FinML is a high-performance C++ machine learning library specifically designed for financial applications. It implements a dynamic computational graph architecture with automatic differentiation, supporting LSTM, CNN, and sequential neural networks. The library is built with a focus on efficiency, scalability, and numerical stability.

Core Components

1. Computational Graph (src/core/value.cpp)

The foundation of FinML's automatic differentiation system:

class Value {
    float data;           // Scalar value
    float grad;          // Gradient
    std::string op;      // Operation type
    std::vector<ValuePtr> prev;  // Previous nodes
    std::function<void()> backward;  // Backward pass function
};

Key features:

  • Dynamic graph construction
  • Automatic gradient computation
  • Memory-efficient backpropagation
  • Support for complex mathematical operations
  • Chain rule implementation for composite functions

2. Matrix Operations (src/core/matrix.cpp)

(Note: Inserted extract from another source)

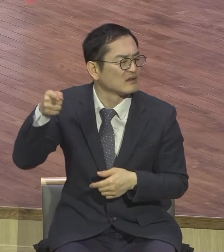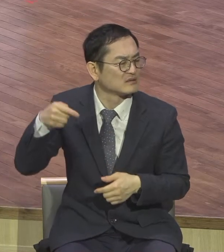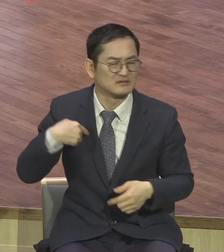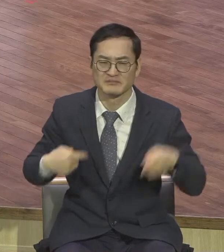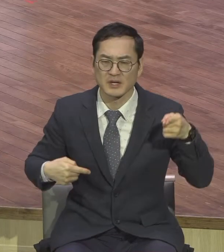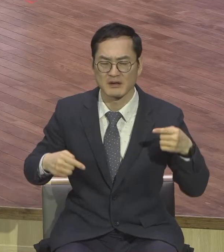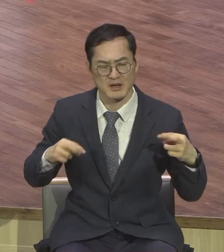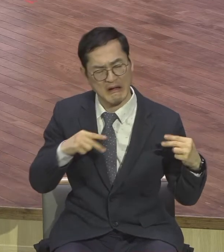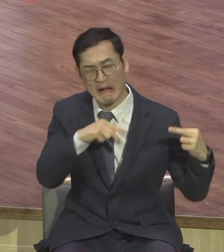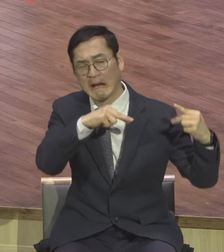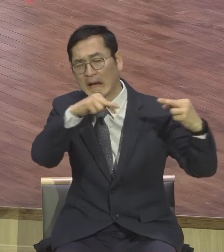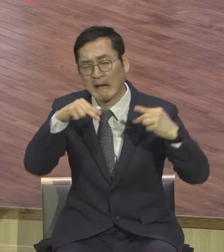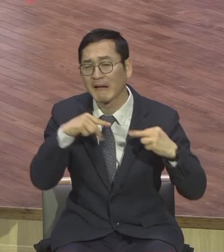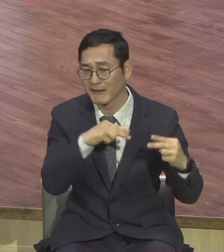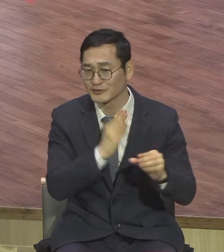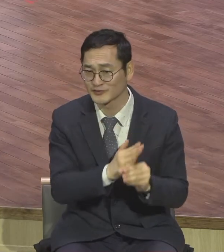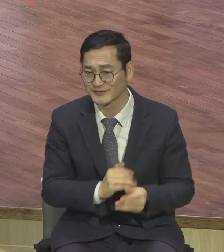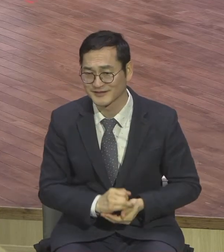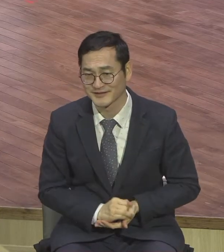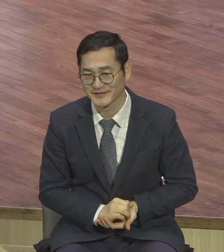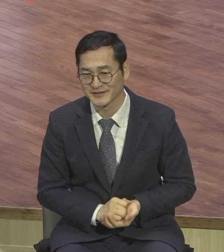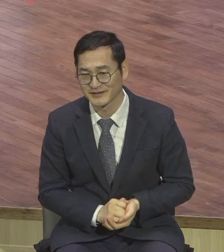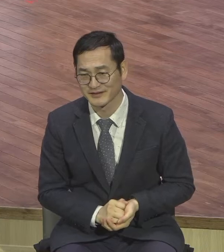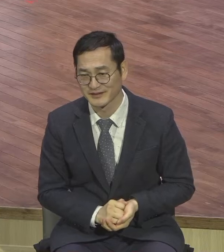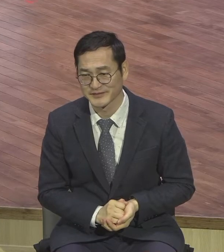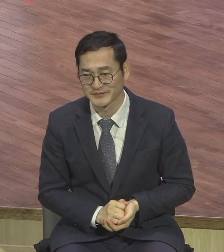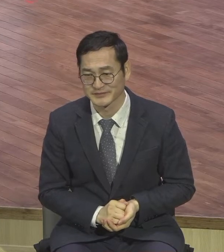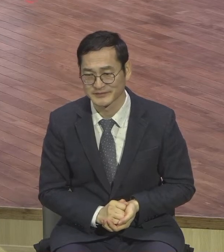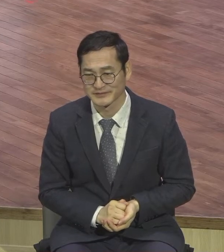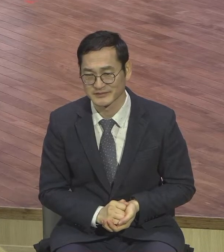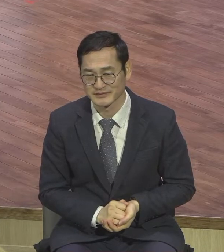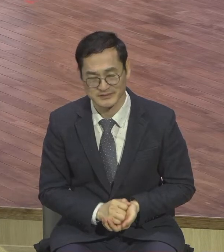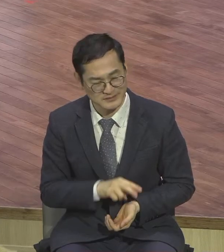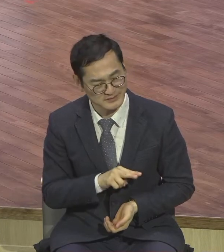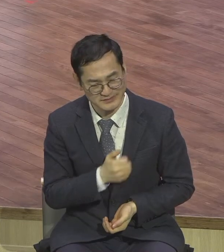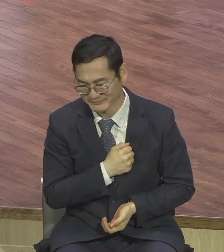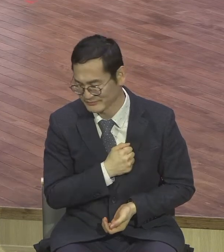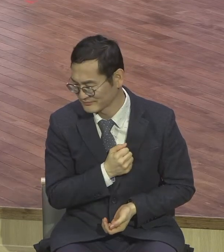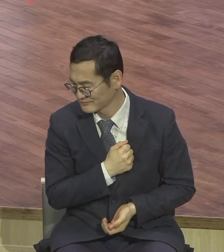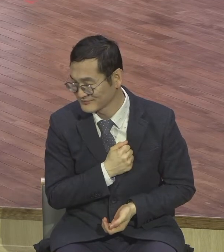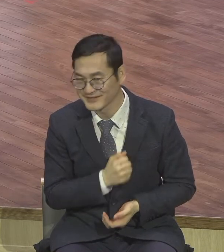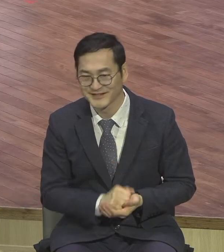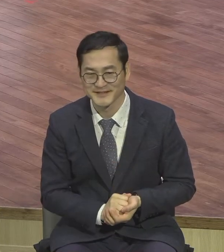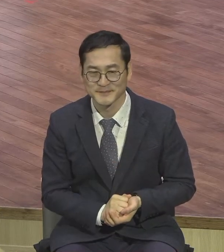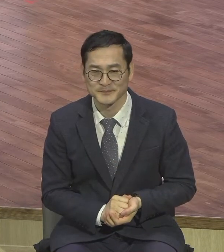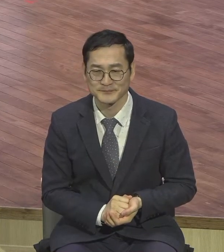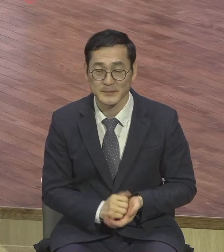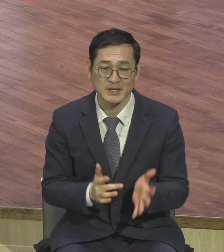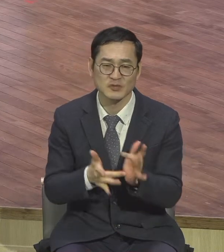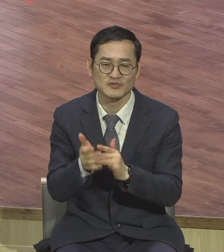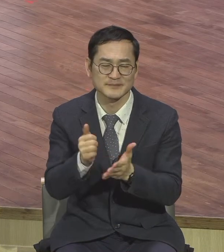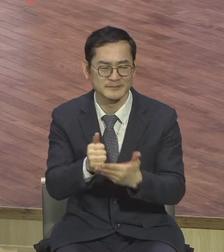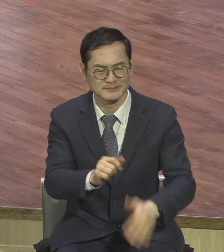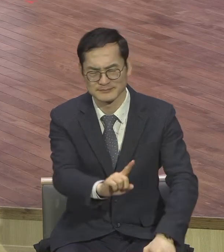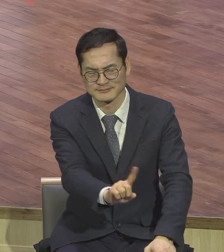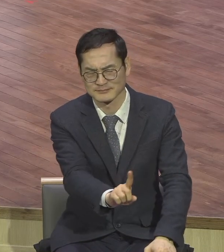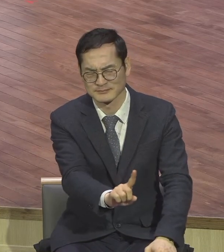누가 제일 높은 데 앉냐 이 관심이에요 지금 그런데 예수님은 이런 제자들의 세상적
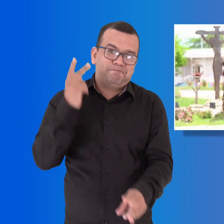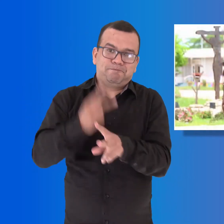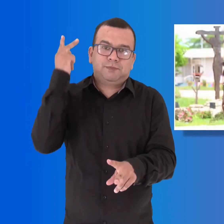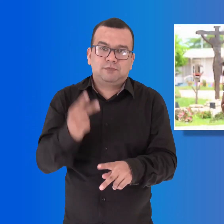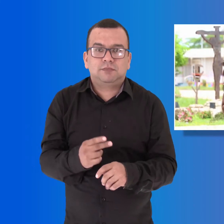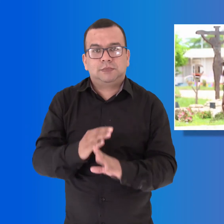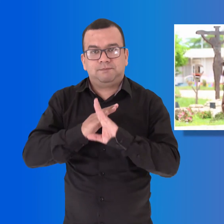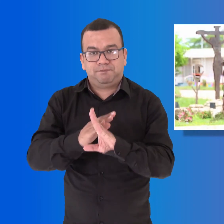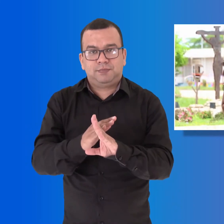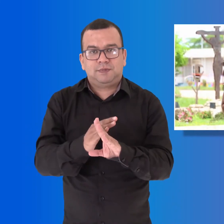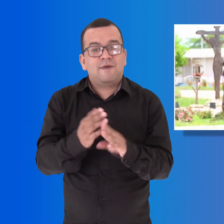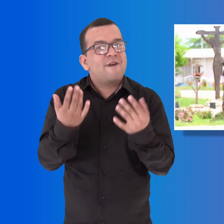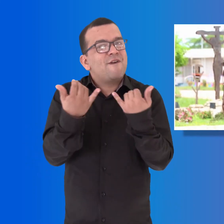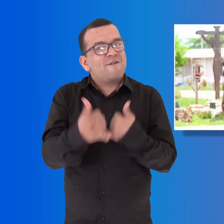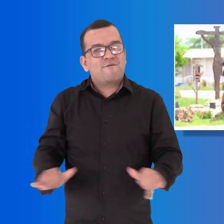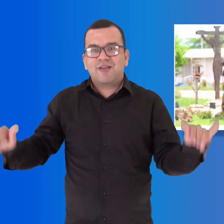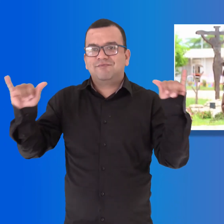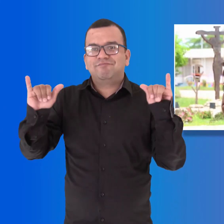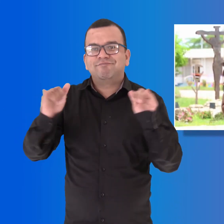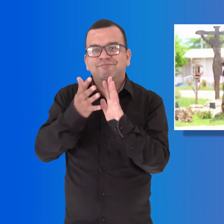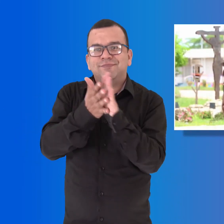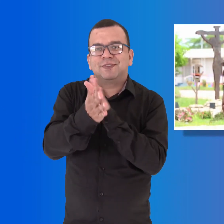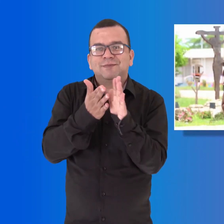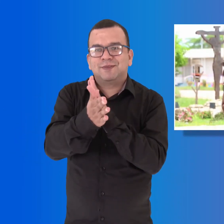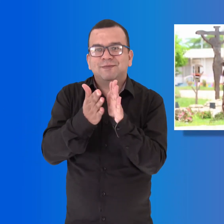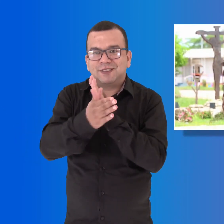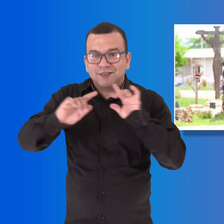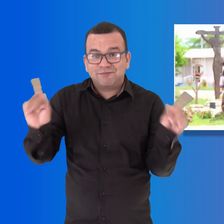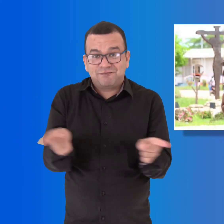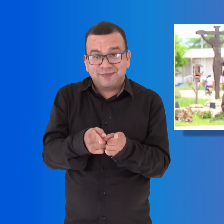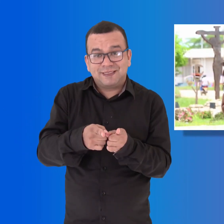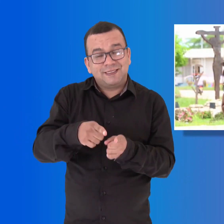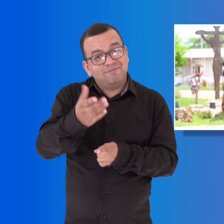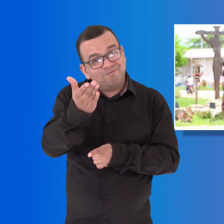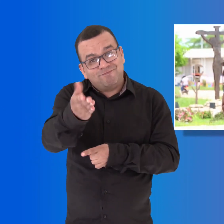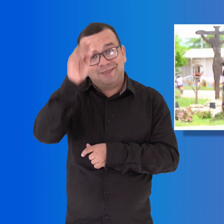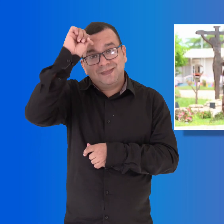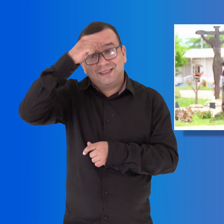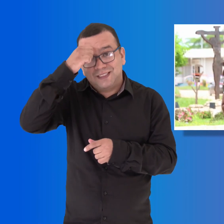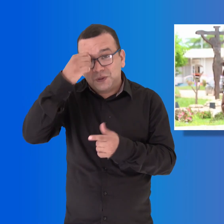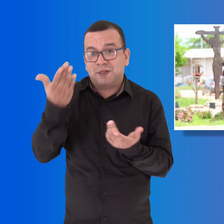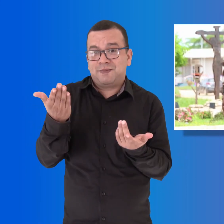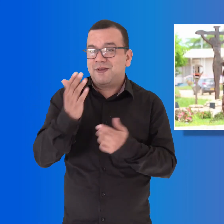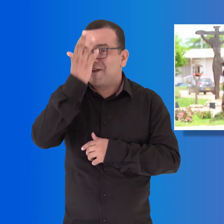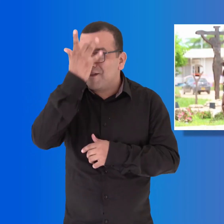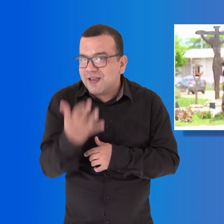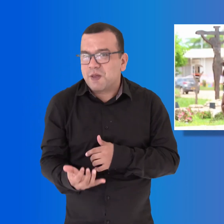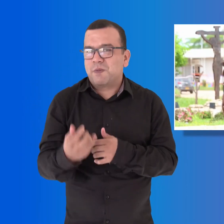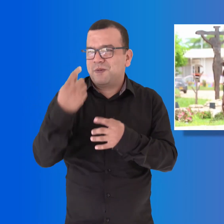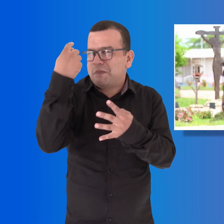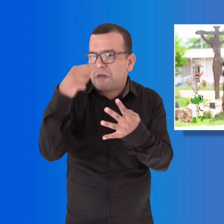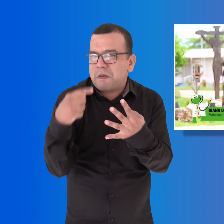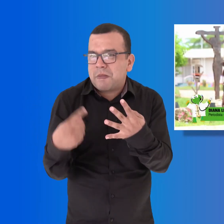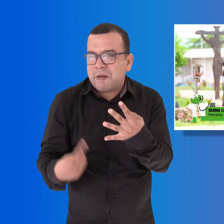este clip informativo semanal. Recuerde seguirnos a través de nuestras redes sociales como Secretaría de Salud del Guaviare y Gobernación del Guaviare para

Implements efficient matrix operations with automatic differentiation:

class Matrix {
    std::vector<std::vector<ValuePtr>> data;
    size_t numRows;
    size_t numCols;
};

Operations include:

  • Matrix multiplication with gradient tracking
  • Element-wise operations
  • Broadcasting support
  • Efficient memory management
  • Transpose operations
  • Matrix decomposition methods

3. Time Series Processing (src/data/timeseries.cpp)

Implements time series data handling and preprocessing:

class TimeSeries {
    std::vector<double> data;
    std::vector<std::chrono::system_clock::time_point> timestamps;
    size_t sequence_length;
};

Features:

  • Sliding window sequence generation
  • Time-based feature extraction
  • Missing data handling
  • Trend and seasonality decomposition
  • Rolling statistics computation
  • Data normalization and scaling

4. Neural Network Layers

4.1 Sequential Layer (src/layers/sequential_layer.cpp)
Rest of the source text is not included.